Concert Review Archive


Steven Wilson

Monday, 4th March 2013
Royal Festival Hall, London, the UK

Article By Jez Rowden

How does Wilson do it? What do people find so engaging in his music that they don't appear to get in other music from the same ballpark? A packed house gathered in the plush setting of the RFH to worship at the altar of Steven Wilson and along with a number of usual suspects and familiar faces from the great prog not-so-massive, seemingly millions of young people and those who looked like they wouldn't attend a show like this if their very lives depended upon it turned out. Remarkable; I suspect that there's a thesis in all this for someone. Why do most gigs from the "unorthodox" end of the spectrum struggle to draw in more than three men and a dog for much more reasonably priced tickets while so many fall over themselves to get a seat for Steven Wilson? But I digress...

On this occasion rather than gnashing my teeth at the lack of interest there was enthusiasm in abundance tonight, the hush of the audience during the quiet bits and the lack of a forest of held aloft 'phones testament to the mesmeric quality of the show that Steven and his band put on. In light of this and the fact that I also wanted to enjoy the evening rather than just struggle to keep Nick Beggs flailing hair in focus, I didn't attempt to take any pics to go with this review (Gold Star from Steven Wilson in the post I hope).

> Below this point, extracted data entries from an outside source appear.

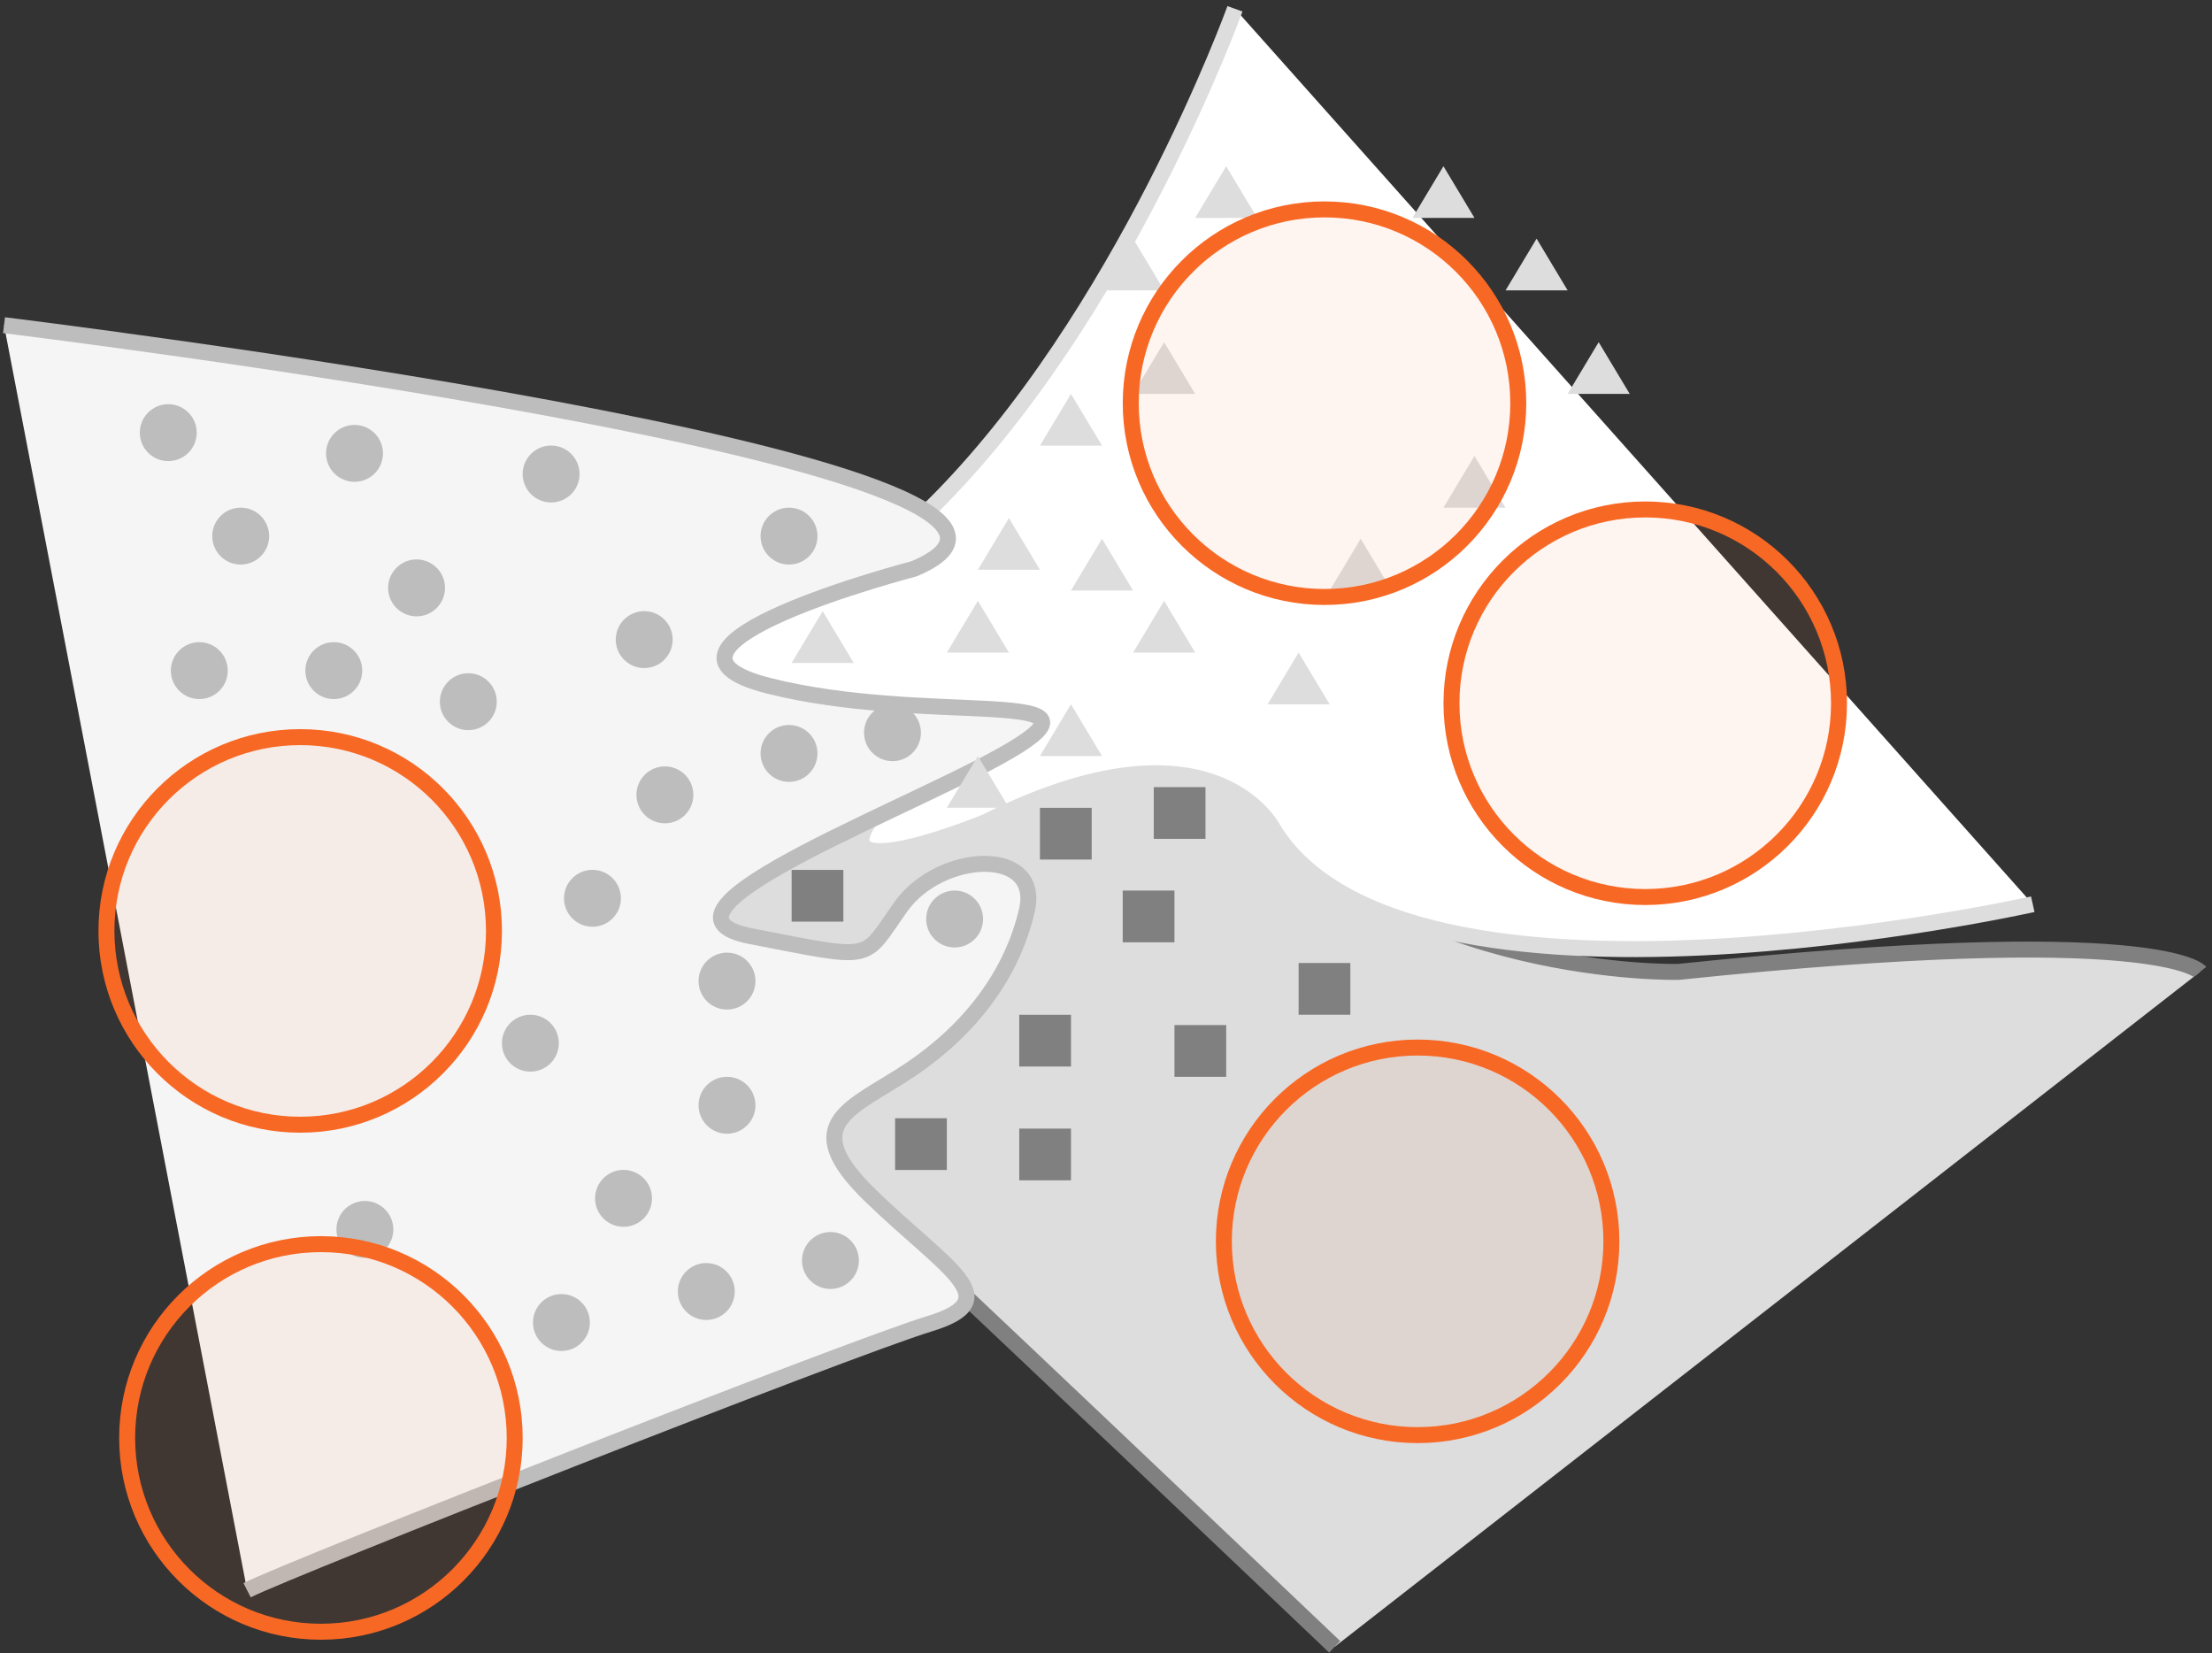 <svg width="277" height="207" viewBox="0 0 277 207" fill="none" xmlns="http://www.w3.org/2000/svg">
<rect x="0" y="0" width="277" height="207" fill="#333333" stroke="none"/>
<path d="M275.499 121.691C275.499 121.691 270.476 115.407 210.201 121.691C210.201 121.691 175.594 122.552 156.205 99.628C156.205 99.628 140.358 87.745 126.068 101.405C126.068 101.405 107.986 106.792 110.999 101.404C114.013 96.017 105.053 104.292 105.053 104.292C105.053 104.292 67.079 119.237 101.712 120.521C101.712 120.521 108.99 123.923 114.767 113.802C114.767 113.802 125.019 103.526 125.169 115.382C125.32 127.238 108.393 133.358 101.712 134.531C95.032 135.703 96.715 139.951 104.55 147.029C112.386 154.107 167.135 206.199 167.135 206.199" fill="#DDDDDD"/>
<path d="M275.499 121.691C275.499 121.691 270.476 115.407 210.201 121.691C210.201 121.691 175.594 122.552 156.205 99.628C156.205 99.628 140.358 87.745 126.068 101.405C126.068 101.405 107.986 106.792 110.999 101.404C114.013 96.017 105.053 104.292 105.053 104.292C105.053 104.292 67.079 119.237 101.712 120.521C101.712 120.521 108.99 123.923 114.767 113.802C114.767 113.802 125.019 103.526 125.169 115.382C125.32 127.238 108.393 133.358 101.712 134.531C95.032 135.703 96.715 139.951 104.55 147.029C112.386 154.107 167.135 206.199 167.135 206.199" stroke="#808080" stroke-width="2" stroke-miterlimit="10"/>
<path d="M254.554 113.219C254.554 113.219 175.87 130.801 159.42 103.775C159.42 103.775 151.786 88.695 123.406 102.941C123.406 102.941 96.86 113.85 113.185 97.869L54.492 76.59C54.492 76.59 90.403 78.219 116.623 63.567C140.632 39.9 154.649 1.102 154.649 1.102" fill="white"/>
<path d="M254.554 113.219C254.554 113.219 175.87 130.801 159.42 103.775C159.42 103.775 151.786 88.695 123.406 102.941C123.406 102.941 96.86 113.85 113.185 97.869L54.492 76.59C54.492 76.59 90.403 78.219 116.623 63.567C140.632 39.9 154.649 1.102 154.649 1.102" stroke="#DDDDDD" stroke-width="2" stroke-miterlimit="10"/>
<path d="M0.504 40.719C0.504 40.719 145.012 58.346 114.473 71.216C114.473 71.216 76.927 80.999 96.265 85.868C115.603 90.737 138.709 86.206 127.633 93.284C116.558 100.361 78.258 114.179 94.03 117.222C109.802 120.265 107.918 120.423 112.816 113.525C117.713 106.628 130.471 105.952 128.588 114.021C126.704 122.091 121.455 128.898 114.122 133.857C106.788 138.816 99.48 140.484 109.049 149.748C118.617 159.012 126.327 162.732 116.382 165.752C106.437 168.773 36.191 196.43 30.943 199.112" fill="#F5F5F5"/>
<path d="M0.504 40.719C0.504 40.719 145.012 58.346 114.473 71.216C114.473 71.216 76.927 80.999 96.265 85.868C115.603 90.737 138.709 86.206 127.633 93.284C116.558 100.361 78.258 114.179 94.03 117.222C109.802 120.265 107.918 120.423 112.816 113.525C117.713 106.628 130.471 105.952 128.588 114.021C126.704 122.091 121.455 128.898 114.122 133.857C106.788 138.816 99.48 140.484 109.049 149.748C118.617 159.012 126.327 162.732 116.382 165.752C106.437 168.773 36.191 196.43 30.943 199.112" stroke="#BDBDBD" stroke-width="2" stroke-miterlimit="10"/>
<ellipse cx="21.071" cy="54.172" rx="3.563" ry="3.563" fill="#BDBDBD"/>
<ellipse cx="30.141" cy="67.126" rx="3.563" ry="3.563" fill="#BDBDBD"/>
<ellipse cx="44.395" cy="56.766" rx="3.563" ry="3.563" fill="#BDBDBD"/>
<ellipse cx="69.012" cy="59.352" rx="3.563" ry="3.563" fill="#BDBDBD"/>
<ellipse cx="41.801" cy="83.969" rx="3.563" ry="3.563" fill="#BDBDBD"/>
<ellipse cx="24.958" cy="83.969" rx="3.563" ry="3.563" fill="#BDBDBD"/>
<ellipse cx="58.645" cy="87.86" rx="3.563" ry="3.563" fill="#BDBDBD"/>
<ellipse cx="83.262" cy="99.524" rx="3.563" ry="3.563" fill="#BDBDBD"/>
<ellipse cx="78.083" cy="150.047" rx="3.563" ry="3.563" fill="#BDBDBD"/>
<ellipse cx="45.692" cy="153.938" rx="3.563" ry="3.563" fill="#BDBDBD"/>
<ellipse cx="70.305" cy="165.594" rx="3.563" ry="3.563" fill="#BDBDBD"/>
<ellipse cx="88.446" cy="161.711" rx="3.563" ry="3.563" fill="#BDBDBD"/>
<ellipse cx="103.993" cy="157.829" rx="3.563" ry="3.563" fill="#BDBDBD"/>
<ellipse cx="91.04" cy="138.391" rx="3.563" ry="3.563" fill="#BDBDBD"/>
<ellipse cx="66.418" cy="130.618" rx="3.563" ry="3.563" fill="#BDBDBD"/>
<ellipse cx="91.04" cy="122.844" rx="3.563" ry="3.563" fill="#BDBDBD"/>
<ellipse cx="119.544" cy="115.071" rx="3.563" ry="3.563" fill="#BDBDBD"/>
<ellipse cx="74.192" cy="112.477" rx="3.563" ry="3.563" fill="#BDBDBD"/>
<ellipse cx="98.805" cy="94.337" rx="3.563" ry="3.563" fill="#BDBDBD"/>
<ellipse cx="111.762" cy="91.743" rx="3.563" ry="3.563" fill="#BDBDBD"/>
<ellipse cx="52.165" cy="73.61" rx="3.563" ry="3.563" fill="#BDBDBD"/>
<ellipse cx="98.805" cy="67.126" rx="3.563" ry="3.563" fill="#BDBDBD"/>
<ellipse cx="80.672" cy="80.087" rx="3.563" ry="3.563" fill="#BDBDBD"/>
<path d="M122.457 75.233L126.344 81.711H118.57L122.457 75.233Z" fill="#DDDDDD"/>
<path d="M122.457 94.662L126.344 101.141H118.57L122.457 94.662Z" fill="#DDDDDD"/>
<path d="M134.114 88.186L138.001 94.664H130.227L134.114 88.186Z" fill="#DDDDDD"/>
<path d="M162.621 81.709L166.508 88.188H158.734L162.621 81.709Z" fill="#DDDDDD"/>
<path d="M184.641 57.092L188.528 63.57H180.754L184.641 57.092Z" fill="#DDDDDD"/>
<path d="M170.395 67.459L174.282 73.938H166.508L170.395 67.459Z" fill="#DDDDDD"/>
<path d="M145.778 75.233L149.665 81.711H141.891L145.778 75.233Z" fill="#DDDDDD"/>
<path d="M200.196 42.842L204.083 49.32H196.309L200.196 42.842Z" fill="#DDDDDD"/>
<path d="M192.422 29.881L196.309 36.359H188.535L192.422 29.881Z" fill="#DDDDDD"/>
<path d="M180.758 20.811L184.645 27.289H176.871L180.758 20.811Z" fill="#DDDDDD"/>
<path d="M153.551 20.811L157.438 27.289H149.664L153.551 20.811Z" fill="#DDDDDD"/>
<path d="M141.891 29.881L145.778 36.359H138.004L141.891 29.881Z" fill="#DDDDDD"/>
<path d="M145.778 42.842L149.665 49.32H141.891L145.778 42.842Z" fill="#DDDDDD"/>
<path d="M134.114 49.319L138.001 55.797H130.227L134.114 49.319Z" fill="#DDDDDD"/>
<path d="M138 67.459L141.887 73.938H134.113L138 67.459Z" fill="#DDDDDD"/>
<path d="M126.344 64.865L130.231 71.344H122.457L126.344 64.865Z" fill="#DDDDDD"/>
<path d="M103.02 76.53L106.907 83.008H99.133L103.02 76.53Z" fill="#DDDDDD"/>
<rect x="99.133" y="108.922" width="6.478" height="6.478" fill="#808080"/>
<rect x="127.637" y="141.312" width="6.478" height="6.478" fill="#808080"/>
<rect x="147.074" y="128.352" width="6.478" height="6.478" fill="#808080"/>
<rect x="162.621" y="120.578" width="6.478" height="6.478" fill="#808080"/>
<rect x="112.09" y="140.016" width="6.478" height="6.478" fill="#808080"/>
<rect x="127.637" y="127.062" width="6.478" height="6.478" fill="#808080"/>
<rect x="140.594" y="111.508" width="6.478" height="6.478" fill="#808080"/>
<rect x="144.48" y="98.555" width="6.478" height="6.478" fill="#808080"/>
<rect x="130.227" y="101.148" width="6.478" height="6.478" fill="#808080"/>
<path d="M190.128 50.484C190.128 63.885 179.264 74.749 165.863 74.749C152.462 74.749 141.598 63.885 141.598 50.484C141.598 37.083 152.462 26.219 165.863 26.219C179.264 26.219 190.128 37.083 190.128 50.484Z" fill="#F86825" fill-opacity="0.07" stroke="#F86825" stroke-width="2"/>
<path d="M201.788 155.429C201.788 168.83 190.925 179.694 177.523 179.694C164.122 179.694 153.258 168.83 153.258 155.429C153.258 142.028 164.122 131.164 177.523 131.164C190.925 131.164 201.788 142.028 201.788 155.429Z" fill="#F86825" fill-opacity="0.07" stroke="#F86825" stroke-width="2"/>
<path d="M61.859 116.562C61.859 129.963 50.995 140.827 37.593 140.827C24.192 140.827 13.328 129.963 13.328 116.562C13.328 103.161 24.192 92.297 37.593 92.297C50.995 92.297 61.859 103.161 61.859 116.562Z" fill="#F86825" fill-opacity="0.07" stroke="#F86825" stroke-width="2"/>
<path d="M64.453 180.046C64.453 193.448 53.589 204.312 40.187 204.312C26.786 204.312 15.922 193.448 15.922 180.046C15.922 166.645 26.786 155.781 40.187 155.781C53.589 155.781 64.453 166.645 64.453 180.046Z" fill="#F86825" fill-opacity="0.07" stroke="#F86825" stroke-width="2"/>
<path d="M230.292 88.054C230.292 101.455 219.428 112.319 206.027 112.319C192.626 112.319 181.762 101.455 181.762 88.054C181.762 74.653 192.626 63.789 206.027 63.789C219.428 63.789 230.292 74.653 230.292 88.054Z" fill="#F86825" fill-opacity="0.07" stroke="#F86825" stroke-width="2"/>
</svg>

This band, for a band this most certainly now is rather than the super-skilled collective of hired talent I witnessed at Shepherd's Bush 18 months or so ago, has the aura of a settled group all over it. The only change in lineup is Guthrie Govan (Aristocrats and ex-Asia) covering the guitar and I for one am glad he got the gig as he adds so much more than his shredder reputation suggests. He can play thousands of notes in the blinking of an eye if Steven Wilson requires it but is not a one trick pony and his playing throughout was suitable, tasteful and bang on the money for me; his extraordinary solo at the end of Drive Home being a case in point, his sole contribution that could be categorised as stunt guitar coming during the encore, but more of that later.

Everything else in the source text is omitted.